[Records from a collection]
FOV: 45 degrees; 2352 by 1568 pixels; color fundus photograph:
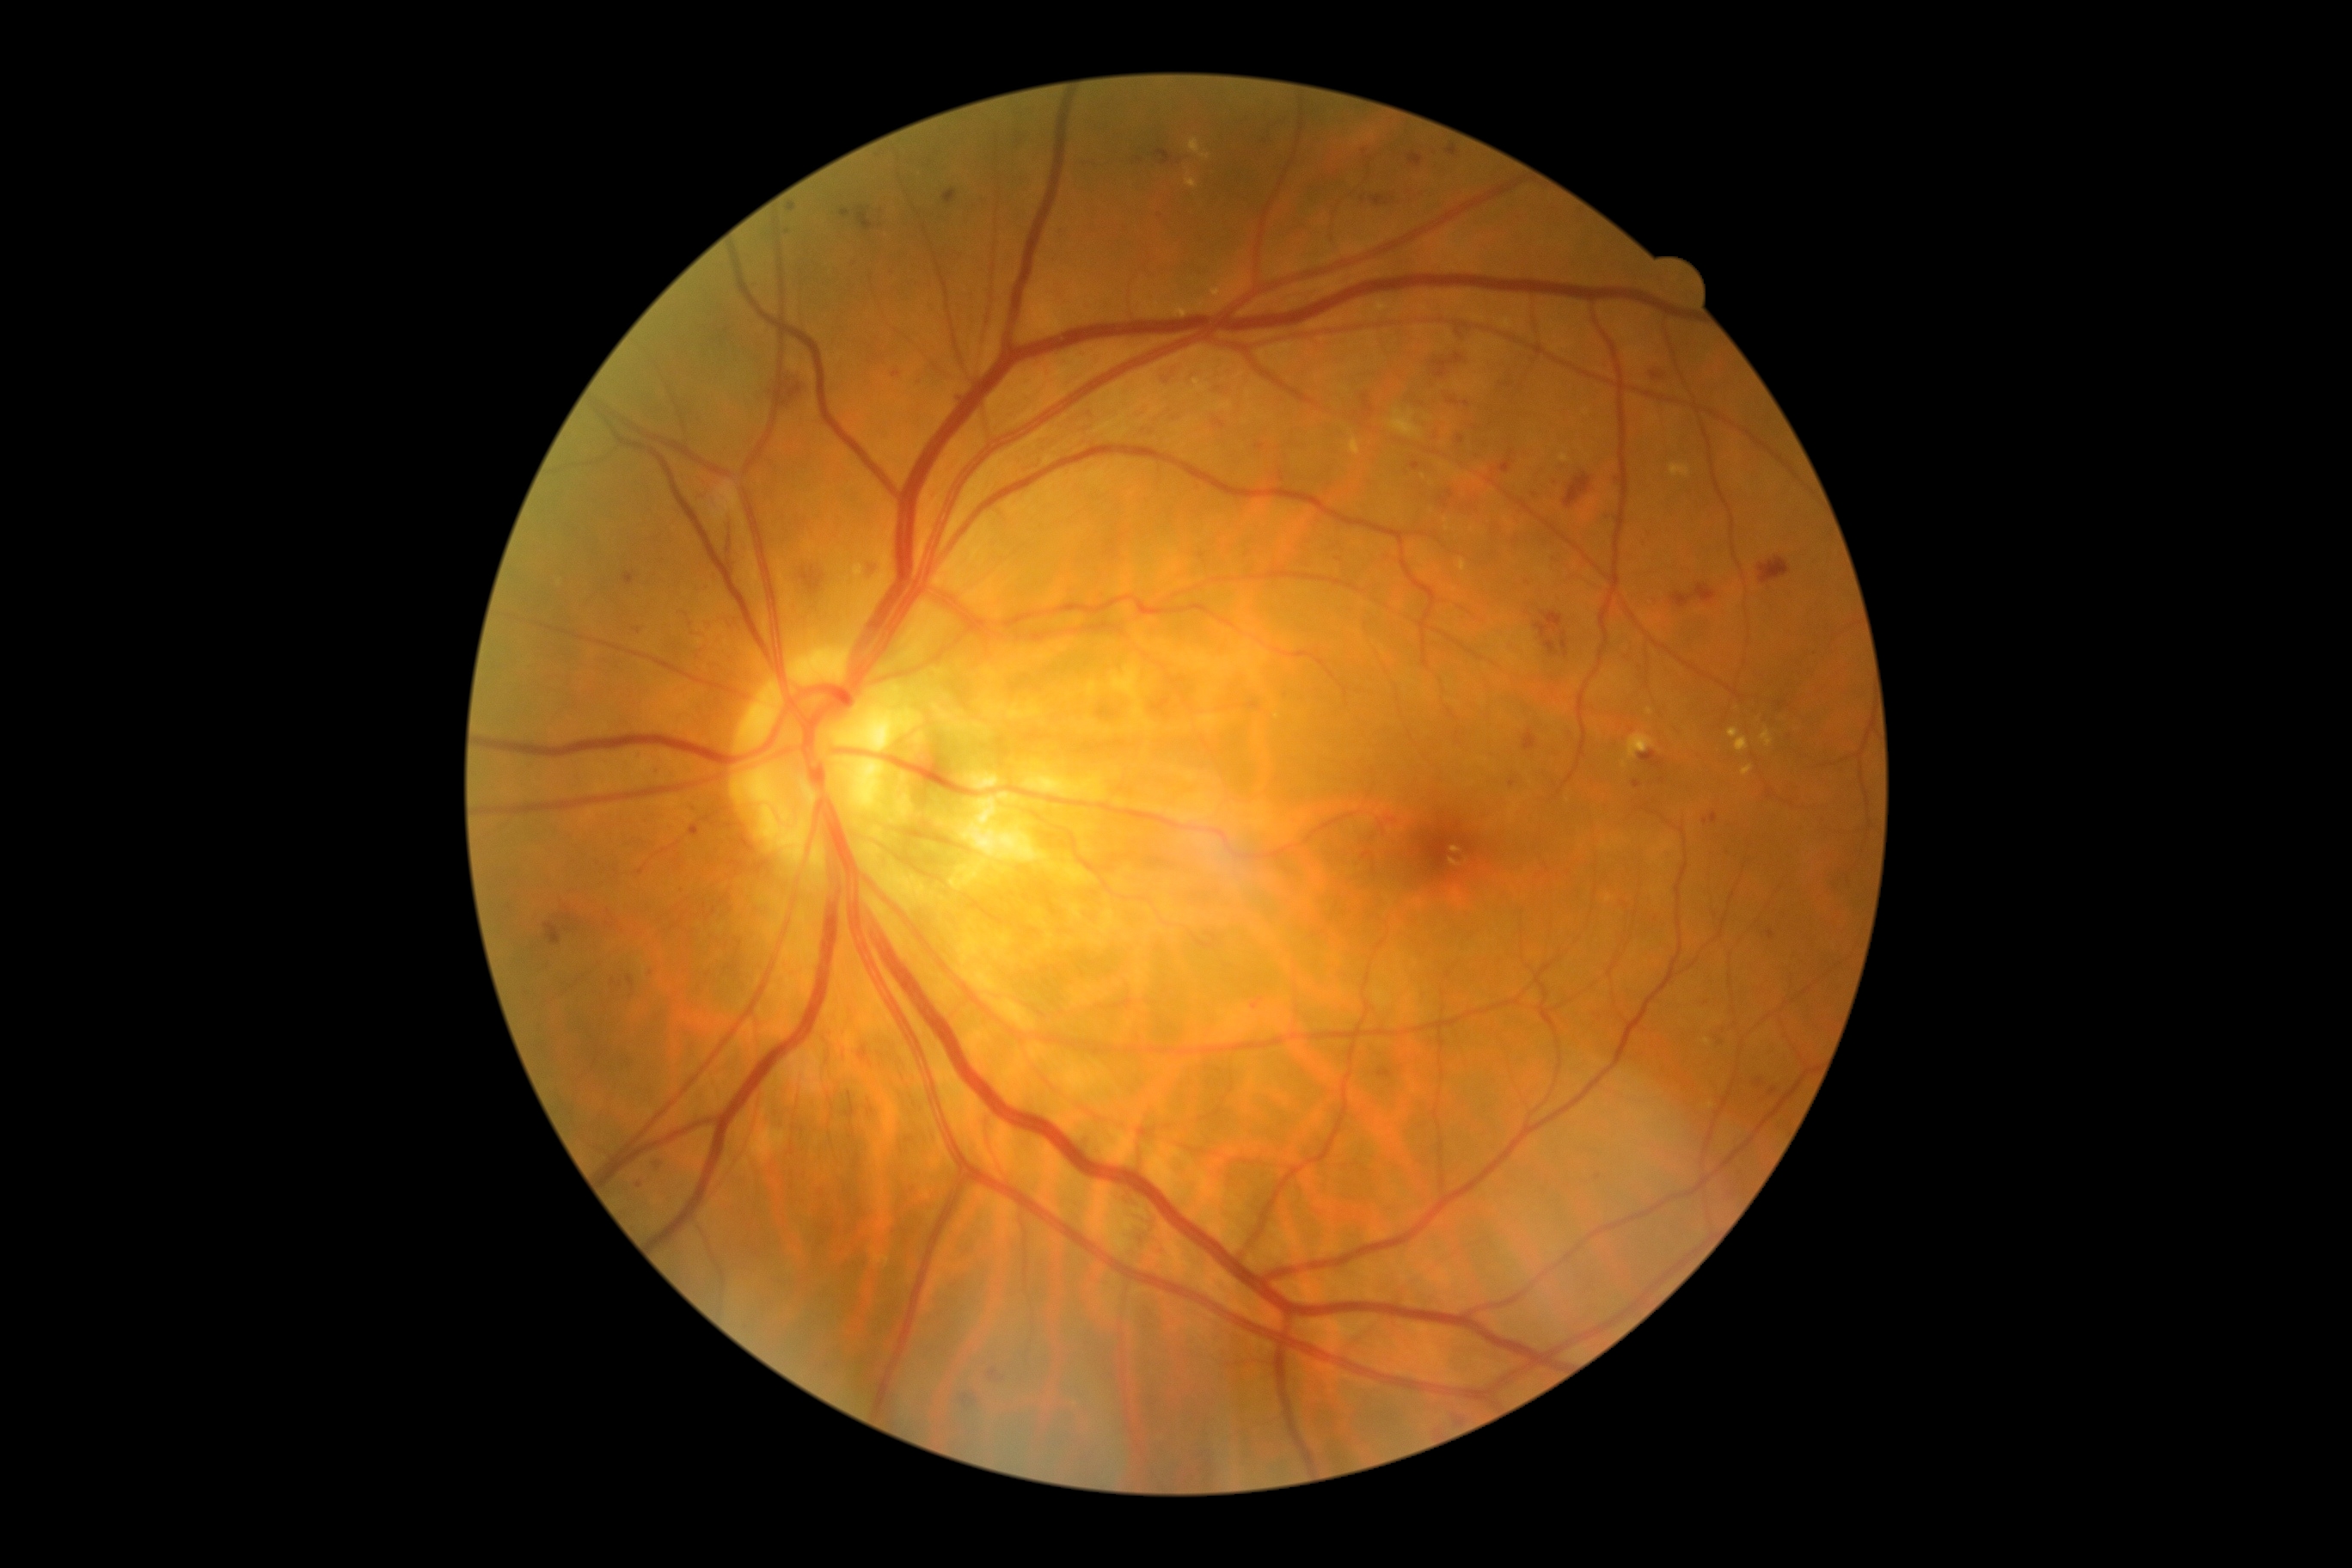
Diabetic retinopathy grade: 2; non-proliferative diabetic retinopathy
Representative lesions:
- hard exudates (more not shown): bbox(1670, 463, 1691, 479), bbox(1627, 735, 1655, 761), bbox(1607, 895, 1612, 903), bbox(1449, 859, 1461, 866), bbox(852, 563, 864, 577), bbox(1461, 560, 1467, 573), bbox(1729, 728, 1741, 738), bbox(1761, 730, 1773, 749)
- Hard exudates (small, approximate centers) near [1447,528], [1649,712], [1711,1106], [1446,521]
- microaneurysms (more not shown): bbox(1378, 1069, 1392, 1079), bbox(623, 573, 635, 587), bbox(1156, 150, 1173, 166), bbox(1409, 152, 1424, 168), bbox(878, 202, 885, 217), bbox(1457, 436, 1464, 444), bbox(1639, 750, 1665, 769), bbox(1767, 790, 1773, 799), bbox(891, 271, 895, 279), bbox(1256, 444, 1265, 450), bbox(1548, 477, 1557, 486), bbox(842, 211, 850, 217), bbox(787, 204, 797, 212)
- Microaneurysms (small, approximate centers) near [1779,704], [1783,1099], [655,772], [1467,404], [680,890], [1363,200]

Aim of the task: The answer should consist of every line above in which "approximate" appears.

Task response:
- Hard exudates (small, approximate centers) near [1447,528], [1649,712], [1711,1106], [1446,521]
- Microaneurysms (small, approximate centers) near [1779,704], [1783,1099], [655,772], [1467,404], [680,890], [1363,200]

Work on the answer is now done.